Sample your production deployment artifacts, topology, and traffic, allowing you to construct a plan to build complete or partial variants of your system and the communication paths between your services.
Classify and replay requests across your system deterministically across 100s of simulated variant environments running under controlled failure conditions. Our algorithms reduce the problem space and learn over time to zero in on the more vulnerable and critical parts of your system.
Ongoing reports help you understand the safety of your deployment. Helping you uncover critical components, unexpected or emergent behavior, or coupling between services that you didn't know existed. You can prioritize where to improve the resilience of your system and monitor if your system is getting better or worse over time.
Build high-availability cloud native applications
simulate how cloud applications can fail by running continuous experiments, discovering which work leads to increased availability
Resilience, safety, confidence
As systems get more complex, failure is inevitable.
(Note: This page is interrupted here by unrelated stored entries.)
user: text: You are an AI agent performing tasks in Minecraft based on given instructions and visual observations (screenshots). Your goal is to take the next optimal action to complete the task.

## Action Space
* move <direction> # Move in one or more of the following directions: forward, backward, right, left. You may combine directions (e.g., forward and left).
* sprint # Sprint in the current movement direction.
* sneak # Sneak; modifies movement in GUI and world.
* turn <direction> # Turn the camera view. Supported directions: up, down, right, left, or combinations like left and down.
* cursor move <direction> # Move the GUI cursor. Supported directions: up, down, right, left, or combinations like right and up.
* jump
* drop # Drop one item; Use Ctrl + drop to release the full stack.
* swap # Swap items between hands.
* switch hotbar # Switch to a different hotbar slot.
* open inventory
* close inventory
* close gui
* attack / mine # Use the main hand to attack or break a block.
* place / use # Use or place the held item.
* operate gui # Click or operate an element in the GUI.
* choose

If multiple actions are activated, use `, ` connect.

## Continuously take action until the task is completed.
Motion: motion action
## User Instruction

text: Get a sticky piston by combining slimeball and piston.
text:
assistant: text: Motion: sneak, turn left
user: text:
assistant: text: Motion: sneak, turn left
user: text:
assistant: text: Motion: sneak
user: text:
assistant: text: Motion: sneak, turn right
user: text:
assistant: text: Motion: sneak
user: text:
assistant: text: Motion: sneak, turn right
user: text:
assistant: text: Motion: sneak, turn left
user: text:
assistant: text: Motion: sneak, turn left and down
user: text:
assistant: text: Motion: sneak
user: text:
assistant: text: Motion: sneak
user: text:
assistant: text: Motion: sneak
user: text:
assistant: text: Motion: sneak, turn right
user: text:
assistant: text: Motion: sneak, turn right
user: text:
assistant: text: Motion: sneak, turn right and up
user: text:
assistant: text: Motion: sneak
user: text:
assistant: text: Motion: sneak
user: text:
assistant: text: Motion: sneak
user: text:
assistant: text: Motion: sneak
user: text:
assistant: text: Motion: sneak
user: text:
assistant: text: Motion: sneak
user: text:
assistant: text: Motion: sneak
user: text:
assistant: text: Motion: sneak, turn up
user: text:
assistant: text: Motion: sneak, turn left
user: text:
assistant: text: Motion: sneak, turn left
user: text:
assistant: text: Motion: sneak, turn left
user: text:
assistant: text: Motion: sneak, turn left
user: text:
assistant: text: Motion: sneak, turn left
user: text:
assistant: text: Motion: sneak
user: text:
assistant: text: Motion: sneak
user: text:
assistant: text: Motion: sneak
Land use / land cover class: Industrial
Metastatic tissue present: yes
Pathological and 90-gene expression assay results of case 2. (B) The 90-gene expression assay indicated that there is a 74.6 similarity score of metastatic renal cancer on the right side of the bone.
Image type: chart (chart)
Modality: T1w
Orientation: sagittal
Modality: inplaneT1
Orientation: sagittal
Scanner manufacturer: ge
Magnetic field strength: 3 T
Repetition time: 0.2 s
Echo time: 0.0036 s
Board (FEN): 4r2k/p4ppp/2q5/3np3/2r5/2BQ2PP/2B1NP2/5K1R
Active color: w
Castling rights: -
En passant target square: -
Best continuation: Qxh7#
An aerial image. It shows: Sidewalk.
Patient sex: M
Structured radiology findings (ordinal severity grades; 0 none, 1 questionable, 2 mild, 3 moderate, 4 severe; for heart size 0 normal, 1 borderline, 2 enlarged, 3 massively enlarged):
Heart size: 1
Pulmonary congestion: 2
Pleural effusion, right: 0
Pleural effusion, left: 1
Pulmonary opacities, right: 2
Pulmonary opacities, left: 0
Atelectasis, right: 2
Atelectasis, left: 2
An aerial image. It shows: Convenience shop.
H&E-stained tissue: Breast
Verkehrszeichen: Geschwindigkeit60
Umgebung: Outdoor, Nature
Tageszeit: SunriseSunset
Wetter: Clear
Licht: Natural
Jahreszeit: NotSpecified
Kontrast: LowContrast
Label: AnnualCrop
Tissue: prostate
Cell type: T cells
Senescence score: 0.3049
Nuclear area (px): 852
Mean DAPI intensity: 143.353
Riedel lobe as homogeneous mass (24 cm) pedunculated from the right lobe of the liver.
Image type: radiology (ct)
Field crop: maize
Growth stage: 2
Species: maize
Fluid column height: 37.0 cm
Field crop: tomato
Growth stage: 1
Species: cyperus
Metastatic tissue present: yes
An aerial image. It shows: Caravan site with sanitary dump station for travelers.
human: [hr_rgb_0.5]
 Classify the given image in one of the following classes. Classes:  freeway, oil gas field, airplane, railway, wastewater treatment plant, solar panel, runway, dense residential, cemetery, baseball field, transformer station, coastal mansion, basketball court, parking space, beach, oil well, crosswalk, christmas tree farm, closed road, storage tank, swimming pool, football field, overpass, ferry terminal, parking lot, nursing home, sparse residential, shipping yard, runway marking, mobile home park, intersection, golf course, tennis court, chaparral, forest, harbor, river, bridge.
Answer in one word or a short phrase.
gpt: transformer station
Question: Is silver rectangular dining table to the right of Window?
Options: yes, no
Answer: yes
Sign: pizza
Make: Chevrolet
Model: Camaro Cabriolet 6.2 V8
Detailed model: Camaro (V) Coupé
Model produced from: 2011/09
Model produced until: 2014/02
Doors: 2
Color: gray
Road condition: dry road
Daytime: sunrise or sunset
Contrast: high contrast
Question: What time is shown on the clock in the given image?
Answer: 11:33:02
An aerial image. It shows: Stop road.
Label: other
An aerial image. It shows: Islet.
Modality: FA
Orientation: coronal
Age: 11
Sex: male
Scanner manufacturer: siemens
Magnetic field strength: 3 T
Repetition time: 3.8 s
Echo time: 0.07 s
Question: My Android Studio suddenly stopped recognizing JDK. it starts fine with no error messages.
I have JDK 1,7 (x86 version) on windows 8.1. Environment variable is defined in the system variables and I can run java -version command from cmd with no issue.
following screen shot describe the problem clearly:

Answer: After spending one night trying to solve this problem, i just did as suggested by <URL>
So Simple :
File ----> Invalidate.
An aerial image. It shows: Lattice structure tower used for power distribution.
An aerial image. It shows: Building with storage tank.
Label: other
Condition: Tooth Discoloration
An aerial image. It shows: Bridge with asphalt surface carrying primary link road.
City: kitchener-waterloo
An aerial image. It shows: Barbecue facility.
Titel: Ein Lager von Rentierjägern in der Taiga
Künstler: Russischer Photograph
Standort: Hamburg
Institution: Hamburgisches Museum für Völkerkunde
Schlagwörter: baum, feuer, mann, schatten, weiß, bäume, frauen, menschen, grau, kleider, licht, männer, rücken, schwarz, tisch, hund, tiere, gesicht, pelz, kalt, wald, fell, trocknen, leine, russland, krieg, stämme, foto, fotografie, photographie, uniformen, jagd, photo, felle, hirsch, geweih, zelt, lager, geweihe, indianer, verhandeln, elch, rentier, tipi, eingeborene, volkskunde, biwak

With distributed architectures the unknown unknowns of how the behavior of one component of the system can cause other parts to fail can become difficult to reason about without observing them interact.
With applications running on managed infrastructure and partially composed of black box 3rd party APIs, owning the availability of your system is no longer exclusively within your control. You no longer own your availability entirely and have to shift your focus around failure tolerance to application behavior.
Thinking about, and practicing chaos engineering, is becoming essential to operating a cloud native architecture system safely.
Having a way to observe how your application behaves in failure conditions helps you qualify a level of risk you are willing to accept about your system. Prioritizing which "technical debt" to pay off, and where NOT to.
Proactively experimenting with failure, and observing how components respond when chaos strikes helps you understand the inherent risk in your sysyem, so you can ship changes confidently and safely and experience fewer incidents by:
- Observing emergent behavior
- Detecting complex faults
- Surfacing unknown or transitive dependencies
- Promoting isolation of concerns
- Identifying acceptable error rates and testing how behavior degrades gracefully
- Observing peripheral aspects of the system